Et voila, the first one, the Palm Jumeirah, opened in 2006. It consists of a "tree trunk", a crown with 16 fronds and a surrounding crescent island that forms an 11-kilometre breakwater. The first phase took just 72 hours to sell out, our guide says. He also says David Beckham has a place there. Whether this is a superlative or not I'm unsure.

Dubai also hosts the world's richest horse race, the Dubai World Cup, with a total purse of about $10.2 million. It has built the world's largest indoor snow park (in a shopping mall, no less) and one of the world's largest aquariums (since you ask, in a mall) with the world's largest viewing panel - a 75-centimetre thick clear acrylic panel measuring 32.88 metres wide and 8.3 metres high. It weighs 245,614 kilograms and holds back 10 million litres of water.

Sadly, the superlative to end all superlatives - the attempt to build the world's biggest World, an ambitious archipelago of islands shaped like the countries of the globe - has foundered on a sea of property disputes and the global financial crisis. Still, this is the UAE so don't count it out just yet. As a spokesman told London's Daily Telegraph at the start of this year, the project isn't dead, just in "a coma".

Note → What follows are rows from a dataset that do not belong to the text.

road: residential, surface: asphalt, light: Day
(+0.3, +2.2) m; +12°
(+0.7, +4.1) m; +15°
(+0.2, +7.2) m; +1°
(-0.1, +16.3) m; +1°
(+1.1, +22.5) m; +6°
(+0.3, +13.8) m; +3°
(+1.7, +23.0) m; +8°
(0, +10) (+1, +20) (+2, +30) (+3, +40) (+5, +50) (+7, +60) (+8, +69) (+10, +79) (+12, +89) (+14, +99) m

Ditto Hydropolis, the planned first underwater hotel in the world, which isn't so much dead as stillborn. Still, give them time.

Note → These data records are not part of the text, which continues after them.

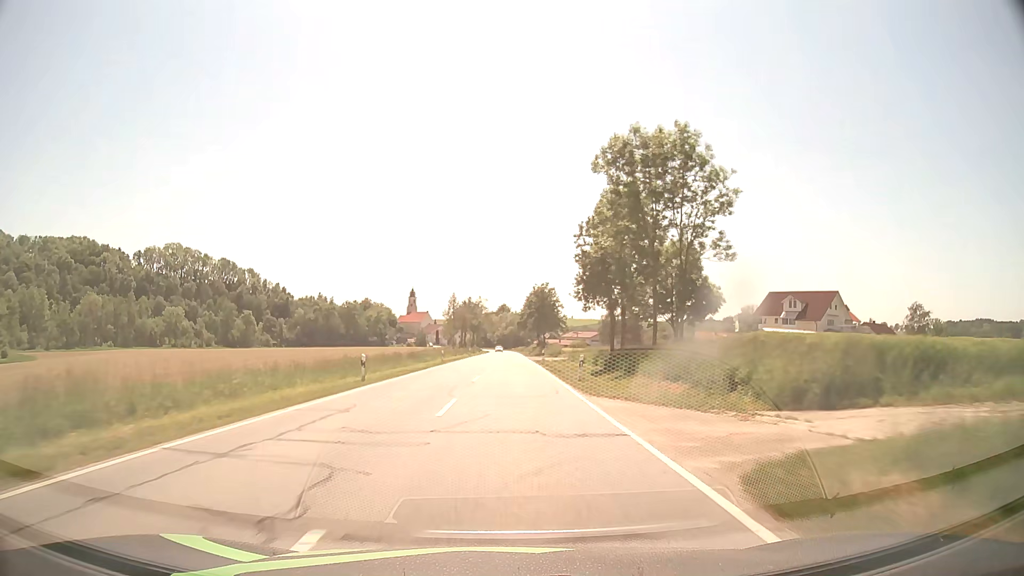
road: secondary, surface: asphalt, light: Day
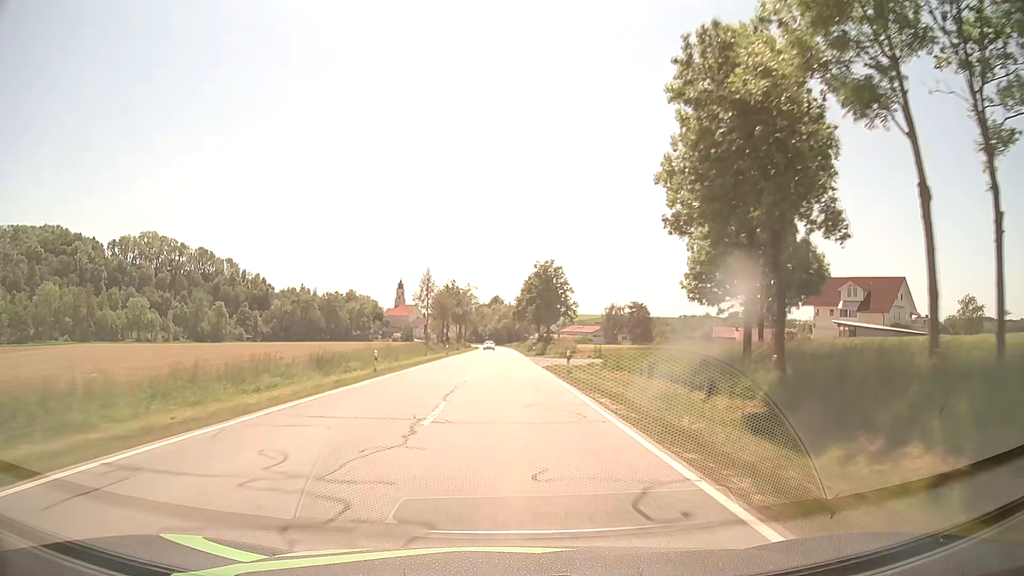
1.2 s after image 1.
(+0.1, +25.8) m; +1°
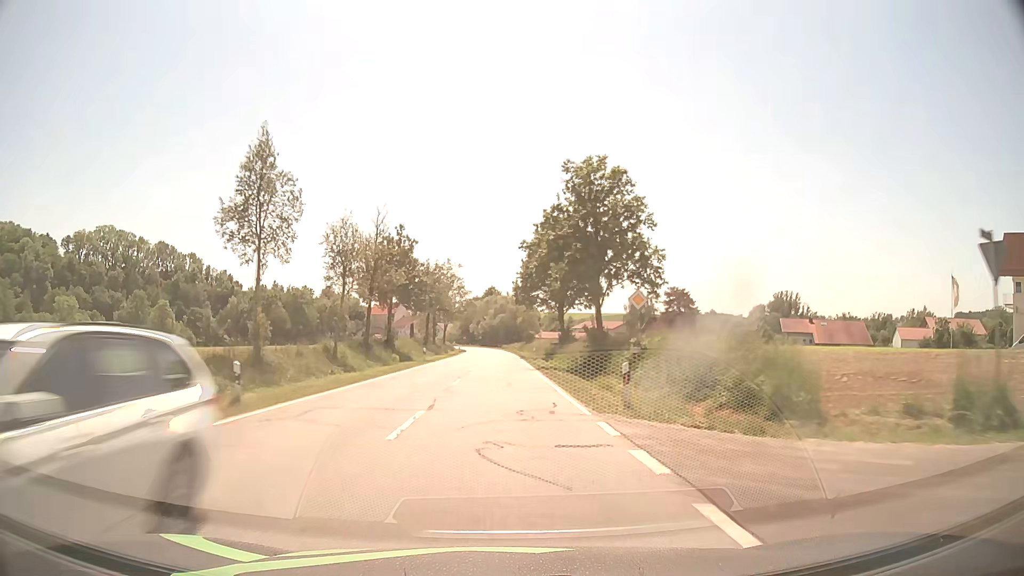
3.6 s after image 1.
(+0.2, +49.3) m; 0°
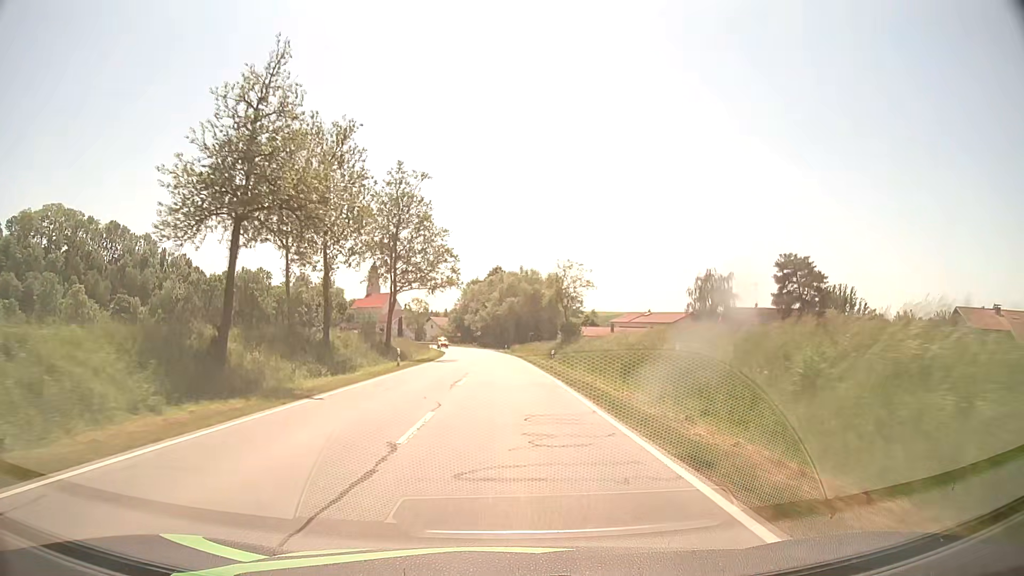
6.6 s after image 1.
(-0.7, +60.3) m; -1°
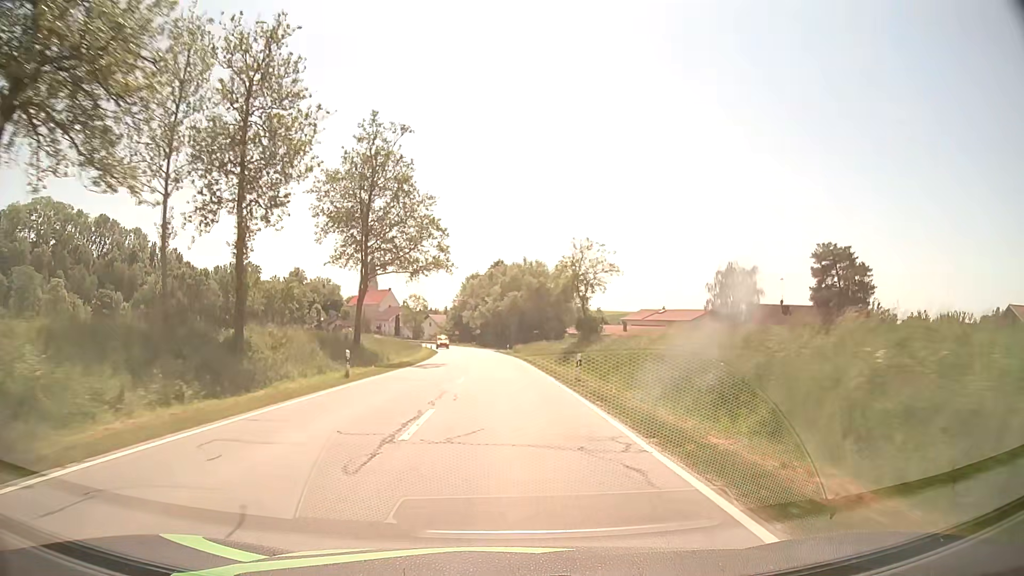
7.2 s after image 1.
(0.0, +11.6) m; 0°
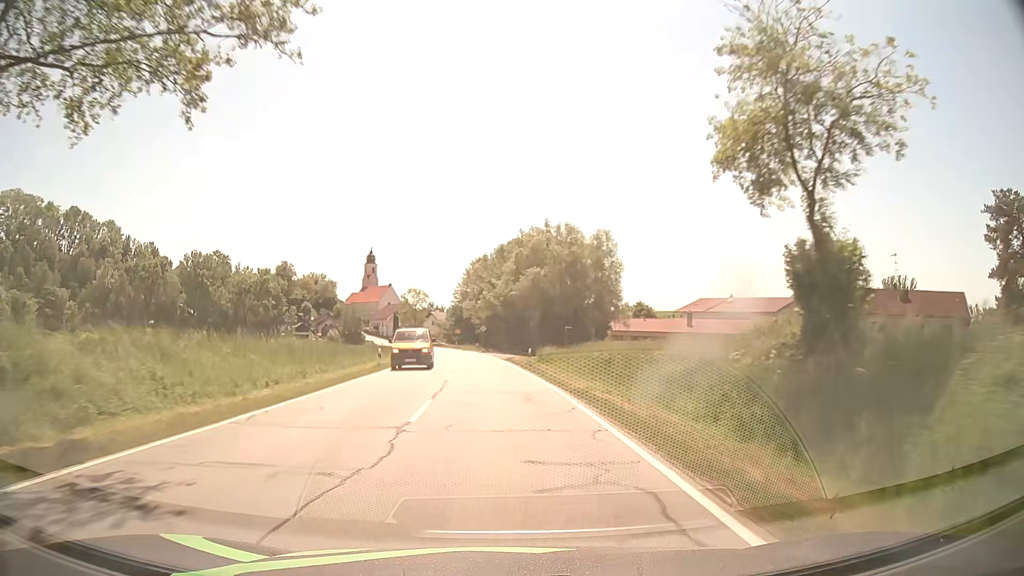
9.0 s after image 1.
(-0.2, +33.8) m; -1°
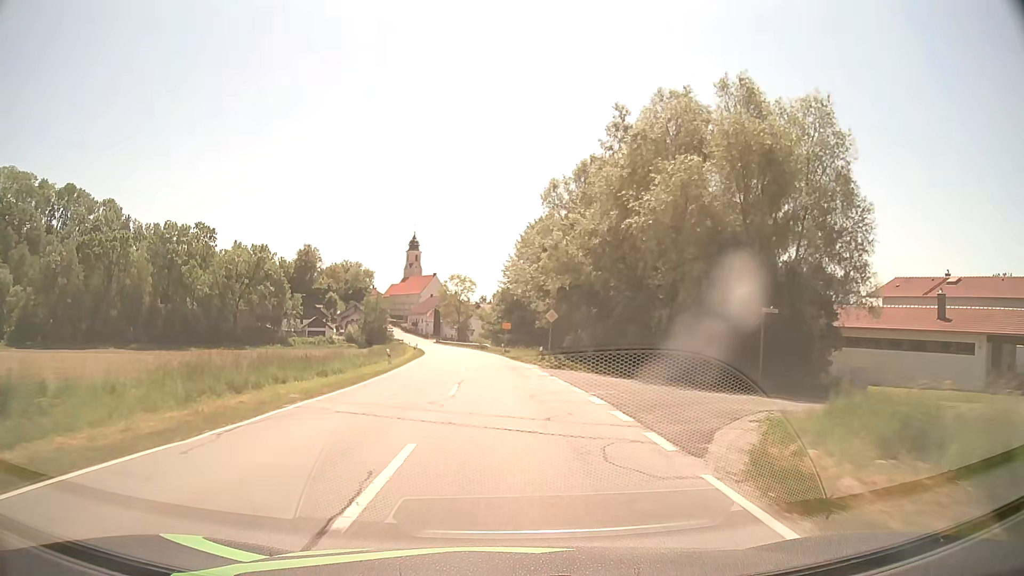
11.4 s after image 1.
(-1.8, +42.3) m; -5°
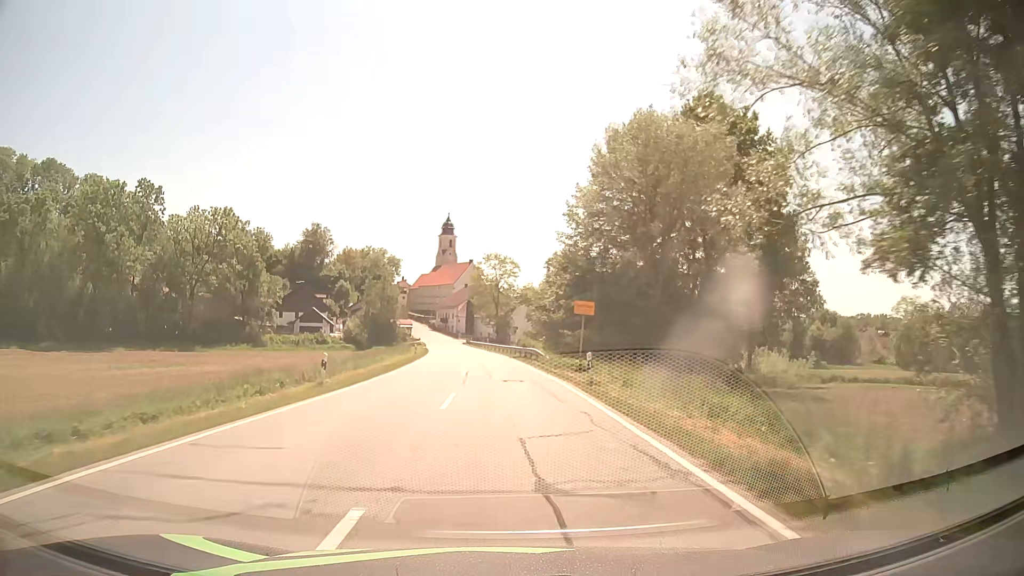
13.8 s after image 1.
(-1.2, +39.3) m; -3°
(0, +10) (0, +20) (-1, +30) (-2, +40) (-2, +50) (-3, +60) (-4, +70) (-5, +80) (-7, +90) (-8, +100) m

But it's not all bad news. The UAE still has the world's tallest building, the elegant Burj Khalifa at 828 metres with an open-air observation platform (the highest in the world, natch) on the 124th floor, reached by, yes, you guessed it, the world's fastest lifts (64km/h).

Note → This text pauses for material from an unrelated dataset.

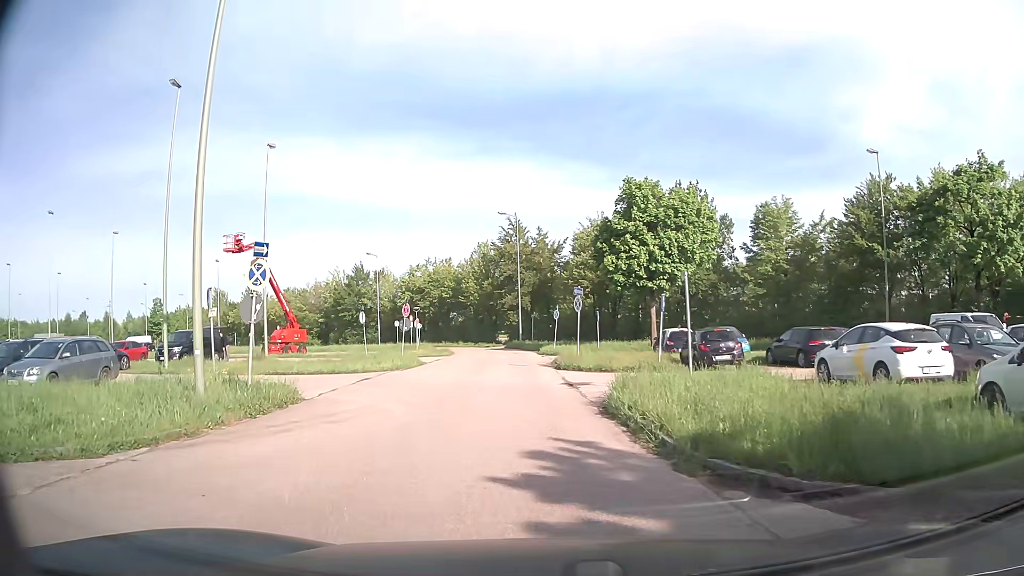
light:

It's also the building with the most floors (160), the highest occupied floor (160th) and the highest mosque, nightclub and restaurant. Its swimming pool on the 76th floor is, gasp, only the second highest in the world (beaten by the pool on the 118th floor of the Ritz-Carlton in Hong Kong). What were they thinking?

Back in the capital, Abu Dhabi, our new guide boasts that it has the biggest percentage of cranes in the world. This is a claim that has, in recent decades, been bandied about with regards to Berlin, Shanghai and everywhere in between. Estimates suggest 15 to 25 per cent of the world's cranes are here. Certainly, Abu Dhabi will be nice when it's finished.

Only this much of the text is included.